President Bashar al-Assad has been, for many years, said to have buried the bodies of executed prisoners in mass graves.  Although Syria denies this accusation, the Trump administration pushes this subject by saying that the crematorium, built next to the Sednaya prison facility, is used solely for the purpose of disposing of any evidence that could lead to charges regarding war crimes.

The Syrian Foreign Ministry rejects this by saying, “U.S. administrations continue fabricating lies and allegations to justify their aggressive and interventionist policies in other sovereign countries… These allegations are totally untrue and are only fabrications by the imagination of this administration and its agents.”  This may seem like an honest truth, but it is habit for many who are caught under a lie to respond to questions in a defensive manner.

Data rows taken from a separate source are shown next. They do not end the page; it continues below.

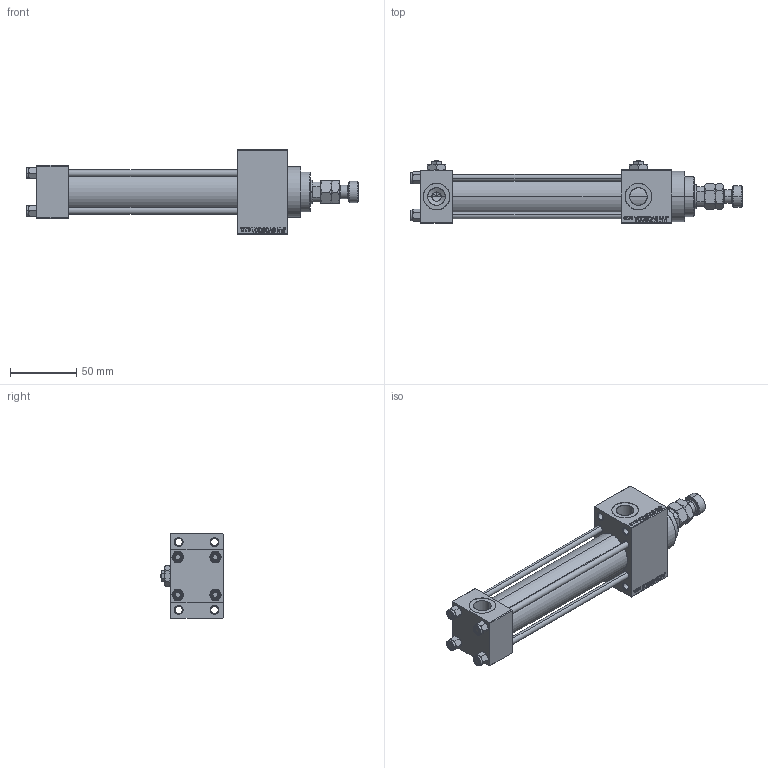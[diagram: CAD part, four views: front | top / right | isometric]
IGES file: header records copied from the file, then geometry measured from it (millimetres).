
Start section: SolidWorks IGES file using analytic representation for surfaces
Global section: file name: 234e.IGS; native system: SolidWorks 2019; preprocessor: SolidWorks 2019; author: Model3D; date: 220414.161037; units: millimetre
Bounding box: 250 x 47 x 64 mm (x, y, z)
Surface area: 91965.1 mm2 (no closed solid volume)
Topology: 0 solids, 0 shells, 1252 faces, 16652 edges, 16650 vertices
Faces by surface type: bspline 937, revolution 315
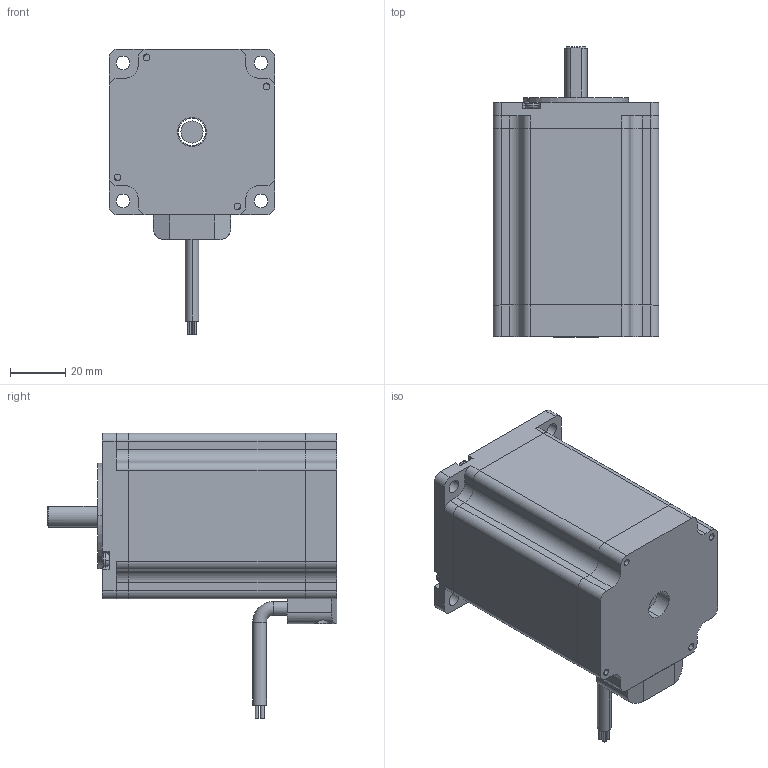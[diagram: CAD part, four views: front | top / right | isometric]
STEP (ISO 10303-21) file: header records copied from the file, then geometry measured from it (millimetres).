
FILE_DESCRIPTION (( 'STEP AP214' ), '1' );
FILE_NAME ('60BYGH385-4003A.STEP', '2022-02-10T02:58:52', ( '' ), ( '' ), 'SwSTEP 2.0', 'SolidWorks 2020', '' );
FILE_SCHEMA (( 'AUTOMOTIVE_DESIGN' ));
Length unit declared in the file: millimetre
Products named in the file (7): 60H255-08-30粣; 揤盄裔; 60隅赽36.5; 60綴傷裔; 60ヶ傷裔; M3蹟隊; 60BYGH385-4003A
Assembly tree (9 placements, depth 2):
  60BYGH385-4003A
    60隅赽36.5
    60綴傷裔
    60H255-08-30粣
    60ヶ傷裔
    M3蹟隊  x4
    揤盄裔
Bounding box: 60 x 105 x 103.5 mm (x, y, z)
Volume: 276086.8 mm3; surface area: 51106.2 mm2
Topology: 9 solids, 9 shells, 283 faces, 731 edges, 476 vertices
Faces by surface type: cylinder 138, plane 125, torus 18, cone 2
Entity records: 7592 total; most frequent: CARTESIAN_POINT 1235, DIRECTION 1230, ORIENTED_EDGE 1120, EDGE_CURVE 560, AXIS2_PLACEMENT_3D 453, VERTEX_POINT 368, VECTOR 324, LINE 324
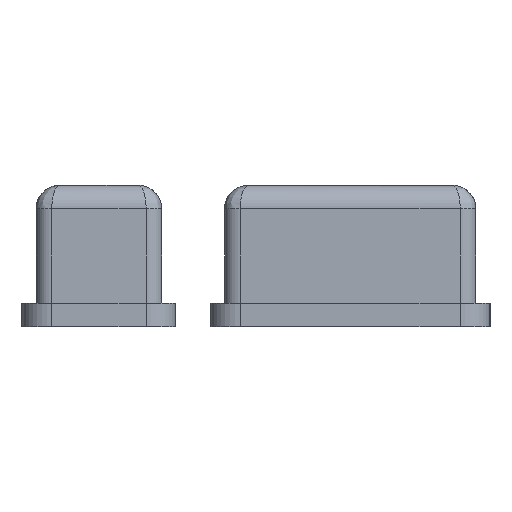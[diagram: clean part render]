
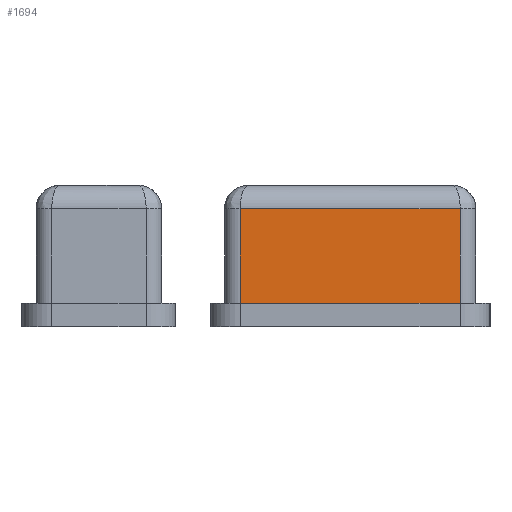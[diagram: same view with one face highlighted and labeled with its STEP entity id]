
A CAD part, left-side view. The second image highlights one B-rep face of the part: STEP entity #1694.
In plain terms, the highlighted planar face has unit normal (-1, 0, 0).
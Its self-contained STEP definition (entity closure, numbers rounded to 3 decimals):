
#278=FACE_OUTER_BOUND('',#390,.T.);
#390=EDGE_LOOP('',(#1497,#1498,#1499,#1500));
#529=LINE('',#3207,#673);
#537=LINE('',#3231,#681);
#538=LINE('',#3235,#682);
#539=LINE('',#3236,#683);
#673=VECTOR('',#2358,10.);
#681=VECTOR('',#2380,10.);
#682=VECTOR('',#2385,10.);
#683=VECTOR('',#2386,10.);
#817=VERTEX_POINT('',#3203);
#819=VERTEX_POINT('',#3206);
#828=VERTEX_POINT('',#3230);
#829=VERTEX_POINT('',#3234);
#1042=EDGE_CURVE('',#819,#817,#529,.T.);
#1054=EDGE_CURVE('',#828,#819,#537,.T.);
#1056=EDGE_CURVE('',#829,#817,#538,.T.);
#1057=EDGE_CURVE('',#828,#829,#539,.T.);
#1497=ORIENTED_EDGE('',*,*,#1042,.T.);
#1498=ORIENTED_EDGE('',*,*,#1056,.F.);
#1499=ORIENTED_EDGE('',*,*,#1057,.F.);
#1500=ORIENTED_EDGE('',*,*,#1054,.T.);
#1596=PLANE('',#1893);
#1694=ADVANCED_FACE('',(#278),#1596,.F.);
#1893=AXIS2_PLACEMENT_3D('',#3233,#2383,#2384);
#2358=DIRECTION('',(0.,-1.,0.));
#2380=DIRECTION('',(0.,0.,-1.));
#2383=DIRECTION('center_axis',(1.,0.,0.));
#2384=DIRECTION('ref_axis',(0.,-1.,0.));
#2385=DIRECTION('',(0.,0.,-1.));
#2386=DIRECTION('',(0.,-1.,0.));
#3203=CARTESIAN_POINT('',(-14.,35.,15.5));
#3206=CARTESIAN_POINT('',(-14.,49.,15.5));
#3207=CARTESIAN_POINT('',(-14.,45.5,15.5));
#3230=CARTESIAN_POINT('',(-14.,49.,21.5));
#3231=CARTESIAN_POINT('',(-14.,49.,20.));
#3233=CARTESIAN_POINT('Origin',(-14.,49.,20.));
#3234=CARTESIAN_POINT('',(-14.,35.,21.5));
#3235=CARTESIAN_POINT('',(-14.,35.,20.));
#3236=CARTESIAN_POINT('',(-14.,45.5,21.5));
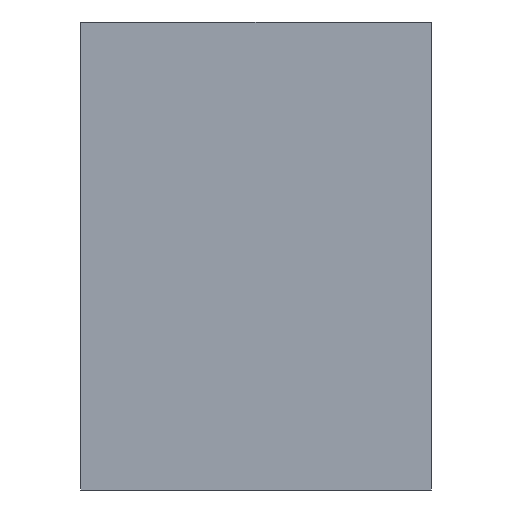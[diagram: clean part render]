
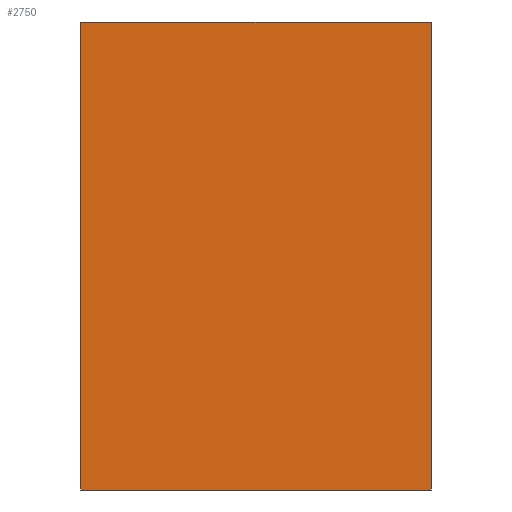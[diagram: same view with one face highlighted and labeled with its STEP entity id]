
A CAD part, left-side view. The second image highlights one B-rep face of the part: STEP entity #2750.
In plain terms, the highlighted planar face has unit normal (-1, 0, 0).
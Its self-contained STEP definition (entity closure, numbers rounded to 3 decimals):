
#518=ORIENTED_EDGE('',*,*,#1105,.T.);
#519=ORIENTED_EDGE('',*,*,#1118,.T.);
#520=ORIENTED_EDGE('',*,*,#1109,.T.);
#521=ORIENTED_EDGE('',*,*,#1113,.T.);
#1105=EDGE_CURVE('',#1447,#1446,#1749,.T.);
#1109=EDGE_CURVE('',#1451,#1450,#1753,.T.);
#1113=EDGE_CURVE('',#1450,#1447,#1757,.T.);
#1118=EDGE_CURVE('',#1446,#1451,#1762,.T.);
#1446=VERTEX_POINT('',#4684);
#1447=VERTEX_POINT('',#4686);
#1450=VERTEX_POINT('',#4693);
#1451=VERTEX_POINT('',#4695);
#1749=LINE('',#4685,#2099);
#1753=LINE('',#4694,#2103);
#1757=LINE('',#4700,#2107);
#1762=LINE('',#4707,#2112);
#2099=VECTOR('',#3901,1000.);
#2103=VECTOR('',#3907,1000.);
#2107=VECTOR('',#3913,1000.);
#2112=VECTOR('',#3922,1000.);
#2352=EDGE_LOOP('',(#518,#519,#520,#521));
#2496=FACE_BOUND('',#2352,.T.);
#2623=PLANE('',#3454);
#2750=ADVANCED_FACE('',(#2496),#2623,.T.);
#3454=AXIS2_PLACEMENT_3D('',#4708,#3923,#3924);
#3901=DIRECTION('',(0.,0.,-1.));
#3907=DIRECTION('',(0.,0.,1.));
#3913=DIRECTION('',(0.,1.,0.));
#3922=DIRECTION('',(0.,-1.,0.));
#3923=DIRECTION('',(-1.,0.,0.));
#3924=DIRECTION('',(0.,0.,1.));
#4684=CARTESIAN_POINT('',(-0.48,0.6,-0.8));
#4685=CARTESIAN_POINT('',(-0.48,0.6,0.8));
#4686=CARTESIAN_POINT('',(-0.48,0.6,0.8));
#4693=CARTESIAN_POINT('',(-0.48,-0.6,0.8));
#4694=CARTESIAN_POINT('',(-0.48,-0.6,-0.8));
#4695=CARTESIAN_POINT('',(-0.48,-0.6,-0.8));
#4700=CARTESIAN_POINT('',(-0.48,-0.6,0.8));
#4707=CARTESIAN_POINT('',(-0.48,0.6,-0.8));
#4708=CARTESIAN_POINT('',(-0.48,0.,0.));

Now in its seventh year of war, Syria stands on the brink of destruction as it refuses any possibility of “political transition” from the rule of President Bashar al-Assad.  According to Anne Barnard of The New York Times, “The Syrian government has refused to negotiate about power sharing or a phased transition, an idea that the international powers have been pushing more since the adoption in 2015 of Security Council Resolution 2254 calling for ‘credible, inclusive and nonsectarian governance.’”

With the release of declassified photographs by the State Department, the construction of the suspected crematorium can be seen outside the “main prison complex and its apparent use”.  These photographs do not prove that the facility is in fact a crematorium, but the facility so happens to be conveniently placed outside the prison complex and the need to dispose of bodies is high.  Barnard adds, “There is ample evidence that the Syrian government has for decades run a vast network of detention and torture facilities and carried out arbitrary forced disappearances, and that such practices have expanded greatly since the uprising broke out in 2011.”

Since it is suspected that countless prisoners have been explicitly killed, it is also noted that detainees lived through horrendous conditions and neglect within the prison system—many lived in “packed, dirty cells, conditions so severe that a United Nations commission found that they were amounted to the crime against humanity of ‘extermination’”[7].  In 2013, many residents in the Damascus area reported and witnessed a scent in the air, “something like burning hair.”[8]  This directly led to some believing that the burning of bodies was taking place within the prison facility.

Regardless of whether or not the facility is a crematorium, it is evident that the Syrian government has been suspected of abusing its political prisoners for a long while.  As the injustice persists, the United States continues to investigate this matter further in order to bring such cruelty to an end.